Supplied records ::
"""
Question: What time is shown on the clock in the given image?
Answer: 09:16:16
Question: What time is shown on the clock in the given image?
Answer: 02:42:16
"""
"""
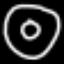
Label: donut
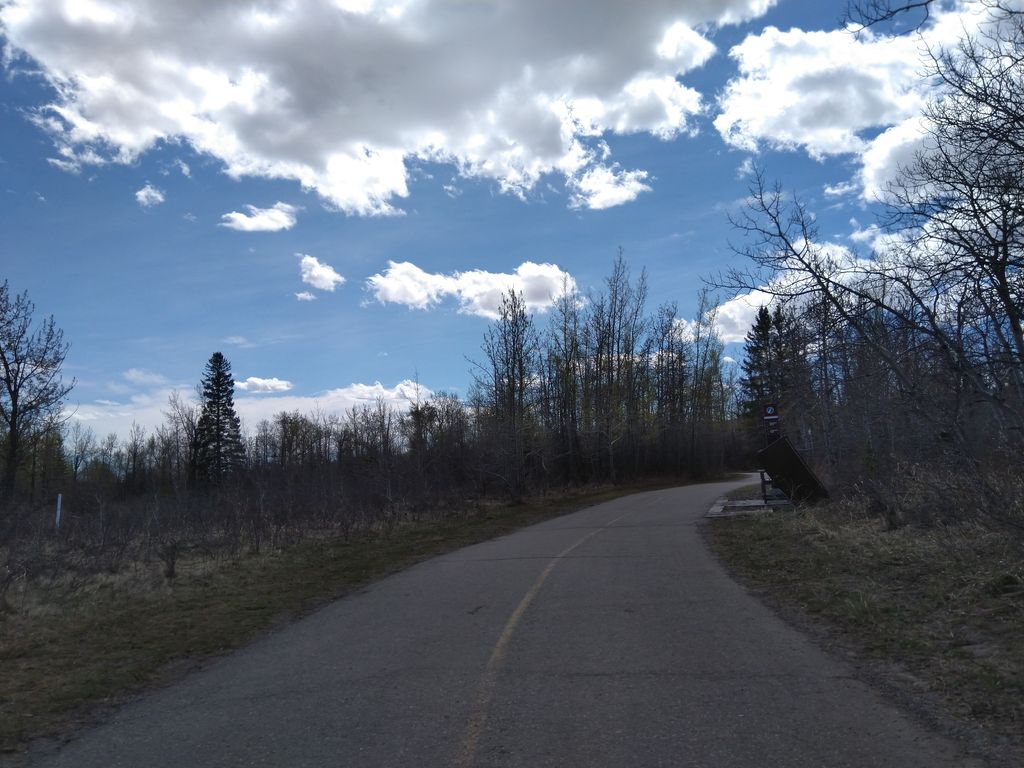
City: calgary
"""
"""
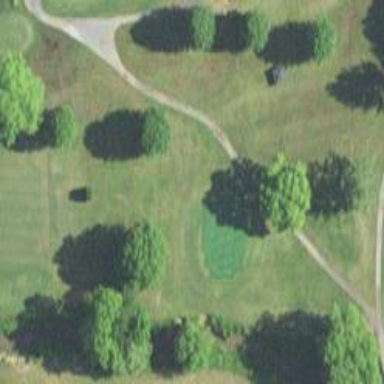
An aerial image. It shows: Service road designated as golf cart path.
"""
Exercise prompt :: Starting at the line that has "Answer: 09:16:16" in the records above, restate word for word every line until the one that has "Answer: 02:42:16", and include that one as well.

Answer to this exercise ::
Answer: 09:16:16
Question: What time is shown on the clock in the given image?
Answer: 02:42:16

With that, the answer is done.